Acara pertama adalah pengajian, yang diundang sih keluarga dekat dan tetangga-tetangga dekat. Untuk acara pengajian ini dress code-nya putih-putih. Pengajian dipimpin oleh seorang Ustadz dan dalam pengajian itu dibacakan Surat Ar-Rahman dan beberapa surat Al-Qur'an lainnya. Acaranya sih berlangsung sekitar 1,5 jam. Oya untuk acara ini souvenirnya berupa sajadah kecil dan tasbih yang dikemas dalam tas spundbond.


 Setelah itu ada acara siraman. Sebelum acara siraman ada acara pemasangan Bleketepe di gerbang depan rumah. Trus berlanjut ke acara calon mempelai putri meminta ijin untuk menikah dan sungkeman kepada orang tua calon mempelai. Nah saat acara minta ijin ini gak berasa aku ikutan meneteskan air mata, teringat Tanteku (Ibunya Kiki) yang sudah meninggal dunia beberapa tahun yang lalu. Posisi tanteku digantikan oleh Tantenya Kiki (adik Papanya yang terkecil). Saat acara ini Kiki dan juga undangan lainnya gak kuasa menahan air mata...sangat mengharukan...


Acara siraman dimulai, pertama adalah memasukkan air dari 7 sumber mata air ke dalam bokor tempat air siraman.

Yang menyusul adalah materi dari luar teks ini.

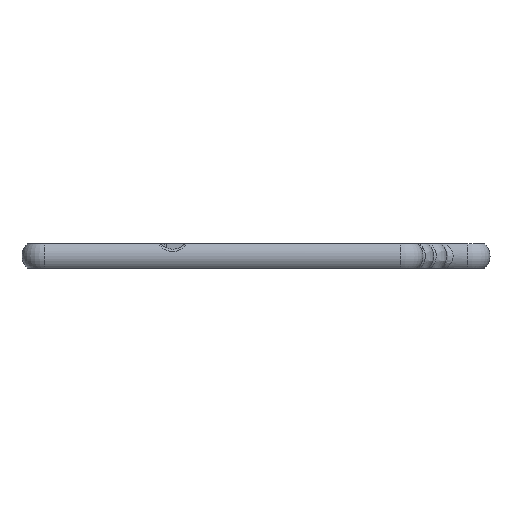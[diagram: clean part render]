
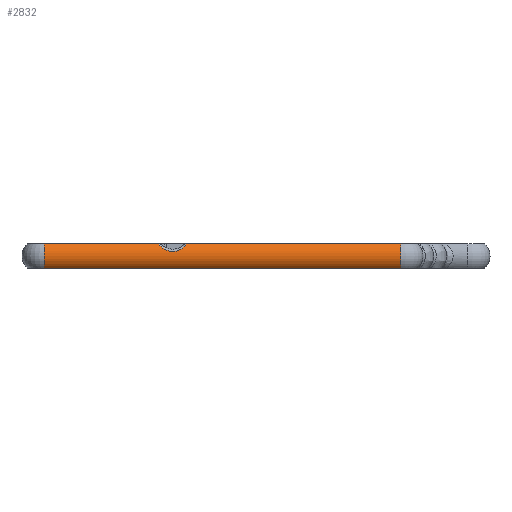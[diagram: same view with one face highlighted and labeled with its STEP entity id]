
A CAD part, left-side view. The second image highlights one B-rep face of the part: STEP entity #2832.
In plain terms, the highlighted cylindrical face has radius 3.121 mm (diameter 6.243 mm), a partial arc.
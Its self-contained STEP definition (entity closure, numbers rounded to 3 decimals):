
#2832=ADVANCED_FACE('',(#14723),#14725,.T.);
#14723=FACE_BOUND('',#14724,.T.);
#14724=EDGE_LOOP('',(#26034,#26035,#26036,#26037,#26038,#26039));
#14725=CYLINDRICAL_SURFACE('',#14726,3.121);
#14726=AXIS2_PLACEMENT_3D('',#14727,#14728,#14729);
#14727=CARTESIAN_POINT('',(-63.815,40.225,-0.3));
#14728=DIRECTION('',(0.,-1.,0.));
#14729=DIRECTION('',(-0.676,0.,0.737));
#26034=ORIENTED_EDGE('',*,*,#33054,.T.);
#26035=ORIENTED_EDGE('',*,*,#33055,.T.);
#26036=ORIENTED_EDGE('',*,*,#33056,.T.);
#26037=ORIENTED_EDGE('',*,*,#32230,.T.);
#26038=ORIENTED_EDGE('',*,*,#33053,.F.);
#26039=ORIENTED_EDGE('',*,*,#33057,.T.);
#32230=EDGE_CURVE('',#36479,#36477,#36480,.T.);
#33053=EDGE_CURVE('',#38114,#36477,#38116,.T.);
#33054=EDGE_CURVE('',#38117,#38118,#38119,.T.);
#33055=EDGE_CURVE('',#38118,#38120,#38121,.F.);
#33056=EDGE_CURVE('',#38120,#36479,#38122,.T.);
#33057=EDGE_CURVE('',#38114,#38117,#38123,.F.);
#36477=VERTEX_POINT('',#44581);
#36479=VERTEX_POINT('',#44586);
#36480=LINE('',#44587,#44588);
#38114=VERTEX_POINT('',#48916);
#38116=CIRCLE('',#48921,3.121);
#38117=VERTEX_POINT('',#48925);
#38118=VERTEX_POINT('',#48926);
#38119=B_SPLINE_CURVE_WITH_KNOTS('',3,
(#48927,#48928,#48929,#48930,#48931,#48932,#48933,#48934,#48935,#48936,#48937,#48938,
#48939,#48940,#48941,#48942,#48943,#48944,#48945,#48946,#48947,#48948,#48949,#48950,
#48951,#48952,#48953,#48954,#48955,#48956,#48957),
.UNSPECIFIED.,.F.,.F.,
(4,1,1,1,1,1,1,1,1,1,1,1,1,1,1,1,1,1,1,1,1,1,1,1,1,1,1,1,4),
(0.,0.044,0.083,0.115,0.146,0.178,
0.208,0.235,0.259,0.285,0.317,
0.356,0.399,0.44,0.481,0.52,
0.557,0.592,0.626,0.664,0.703,
0.743,0.782,0.821,0.858,0.892,
0.929,0.965,1.),
.UNSPECIFIED.);
#38120=VERTEX_POINT('',#48958);
#38121=LINE('',#48959,#48960);
#38122=CIRCLE('',#48962,3.121);
#38123=LINE('',#48966,#48967);
#44581=CARTESIAN_POINT('',(-65.925,-27.485,-2.6));
#44586=CARTESIAN_POINT('',(-65.925,40.225,-2.6));
#44587=CARTESIAN_POINT('',(-65.925,40.225,-2.6));
#44588=VECTOR('',#44589,1.);
#44589=DIRECTION('',(0.,-1.,0.));
#48916=CARTESIAN_POINT('',(-65.925,-27.485,2.));
#48921=AXIS2_PLACEMENT_3D('',#48922,#48923,#48924);
#48922=CARTESIAN_POINT('',(-63.815,-27.485,-0.3));
#48923=DIRECTION('',(0.,-1.,0.));
#48924=DIRECTION('',(-0.676,0.,0.737));
#48925=CARTESIAN_POINT('',(-65.925,13.171,2.));
#48926=CARTESIAN_POINT('',(-65.925,18.461,2.));
#48927=CARTESIAN_POINT('',(-65.925,13.171,2.));
#48928=CARTESIAN_POINT('',(-65.991,13.217,1.94));
#48929=CARTESIAN_POINT('',(-66.106,13.307,1.824));
#48930=CARTESIAN_POINT('',(-66.246,13.451,1.66));
#48931=CARTESIAN_POINT('',(-66.355,13.592,1.516));
#48932=CARTESIAN_POINT('',(-66.444,13.735,1.384));
#48933=CARTESIAN_POINT('',(-66.52,13.885,1.259));
#48934=CARTESIAN_POINT('',(-66.582,14.038,1.146));
#48935=CARTESIAN_POINT('',(-66.63,14.183,1.05));
#48936=CARTESIAN_POINT('',(-66.669,14.325,0.966));
#48937=CARTESIAN_POINT('',(-66.704,14.481,0.882));
#48938=CARTESIAN_POINT('',(-66.739,14.673,0.794));
#48939=CARTESIAN_POINT('',(-66.769,14.904,0.708));
#48940=CARTESIAN_POINT('',(-66.793,15.161,0.637));
#48941=CARTESIAN_POINT('',(-66.807,15.428,0.588));
#48942=CARTESIAN_POINT('',(-66.814,15.688,0.566));
#48943=CARTESIAN_POINT('',(-66.814,15.94,0.566));
#48944=CARTESIAN_POINT('',(-66.808,16.178,0.586));
#48945=CARTESIAN_POINT('',(-66.796,16.406,0.624));
#48946=CARTESIAN_POINT('',(-66.779,16.633,0.68));
#48947=CARTESIAN_POINT('',(-66.753,16.863,0.756));
#48948=CARTESIAN_POINT('',(-66.716,17.096,0.854));
#48949=CARTESIAN_POINT('',(-66.666,17.323,0.972));
#48950=CARTESIAN_POINT('',(-66.603,17.539,1.106));
#48951=CARTESIAN_POINT('',(-66.525,17.737,1.251));
#48952=CARTESIAN_POINT('',(-66.436,17.912,1.397));
#48953=CARTESIAN_POINT('',(-66.333,18.072,1.548));
#48954=CARTESIAN_POINT('',(-66.215,18.216,1.699));
#48955=CARTESIAN_POINT('',(-66.078,18.348,1.853));
#48956=CARTESIAN_POINT('',(-65.977,18.424,1.952));
#48957=CARTESIAN_POINT('',(-65.925,18.461,2.));
#48958=CARTESIAN_POINT('',(-65.925,40.225,2.));
#48959=CARTESIAN_POINT('',(-65.925,40.225,2.));
#48960=VECTOR('',#48961,1.);
#48961=DIRECTION('',(0.,-1.,0.));
#48962=AXIS2_PLACEMENT_3D('',#48963,#48964,#48965);
#48963=CARTESIAN_POINT('',(-63.815,40.225,-0.3));
#48964=DIRECTION('',(0.,-1.,0.));
#48965=DIRECTION('',(-0.676,0.,0.737));
#48966=CARTESIAN_POINT('',(-65.925,13.171,2.));
#48967=VECTOR('',#48968,1.);
#48968=DIRECTION('',(0.,-1.,0.));

Ada beberapa bunga dan daun-daun yang dimasukkan (aku gak hafal jenisnya apa aja), trus ada 2 butir kelapa juga yang dimasukkan. Pertama kali Kiki disiram oleh Omku dan Tante Wuri trus kemudian giliran para sesepuh untuk menyiram calon mempelai putri. Ada sebagian kecil air siraman yang diberikan untuk dibawa ke rumah calon mempelai putra. Setelah itu ada acara gunting rambut calon mempelai putri oleh Ayahanda, ada acara pemecahan kendi dan acara pondongan (calon mempelai putri digendong oleh Ayahanda dibantu oleh adiknya Kiki, Dimas). 


Setelah acara siraman masih ada acara lain yaitu perebutan ubo rampe siraman yang berupa aneka makanan. Ada buah-buahan, ayam, aneka bubur dan lain-lain. Saking banyaknya aku gak hafal :D. Setelah itu adalagi acara dodol dawet. Yang menjadi penjual dawetnya adalah kedua orang tua pengantin putri, undangan bisa membeli dawet dengan memakai genteng yang dibentuk seperti uang logam.

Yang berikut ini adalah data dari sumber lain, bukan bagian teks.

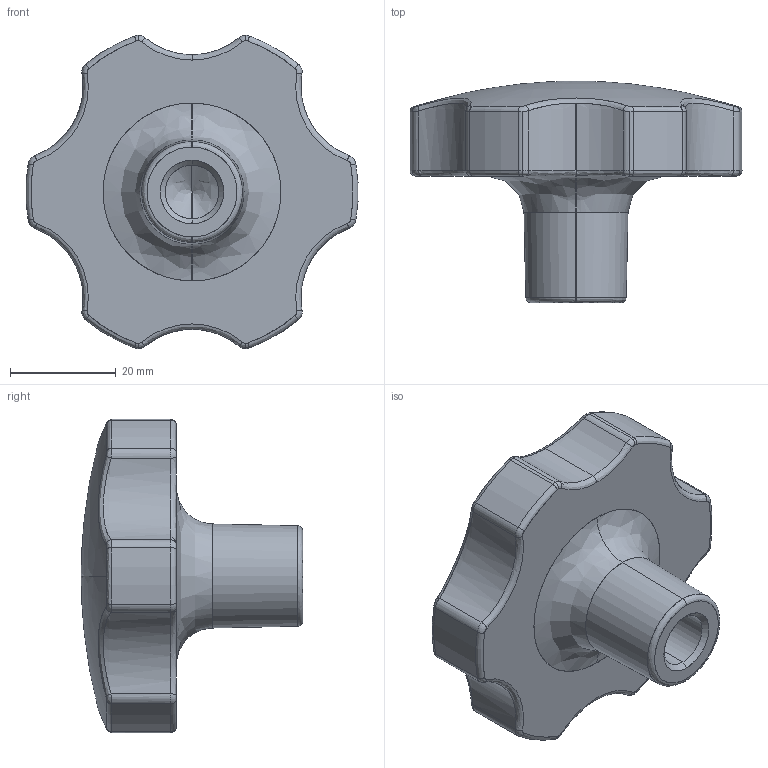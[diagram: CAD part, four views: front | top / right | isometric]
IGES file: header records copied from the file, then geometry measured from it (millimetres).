
Start section: SolidWorks IGES file using analytic representation for surfaces
Global section: file name: sone3D.IGS; native system: SolidWorks 2012; preprocessor: SolidWorks 2012; author: 0960ts; date: 150714.172351; units: millimetre
Bounding box: 62.9 x 42 x 59.36 mm (x, y, z)
Surface area: 10311.1 mm2 (no closed solid volume)
Topology: 0 solids, 0 shells, 96 faces, 818 edges, 815 vertices
Faces by surface type: bspline 59, revolution 37

Malam harinya ada acara Midodareni dan serah-serahan. Saat acara Midodareni ini Kiki tidak boleh keluar dari kamar, dia hanya bisa menyaksikan jalannya acara melalui layar TV. Lalu ada acara perkenalan kedua keluarga besar, penyerahan serah-serahan dan pembacaan catur wedha. 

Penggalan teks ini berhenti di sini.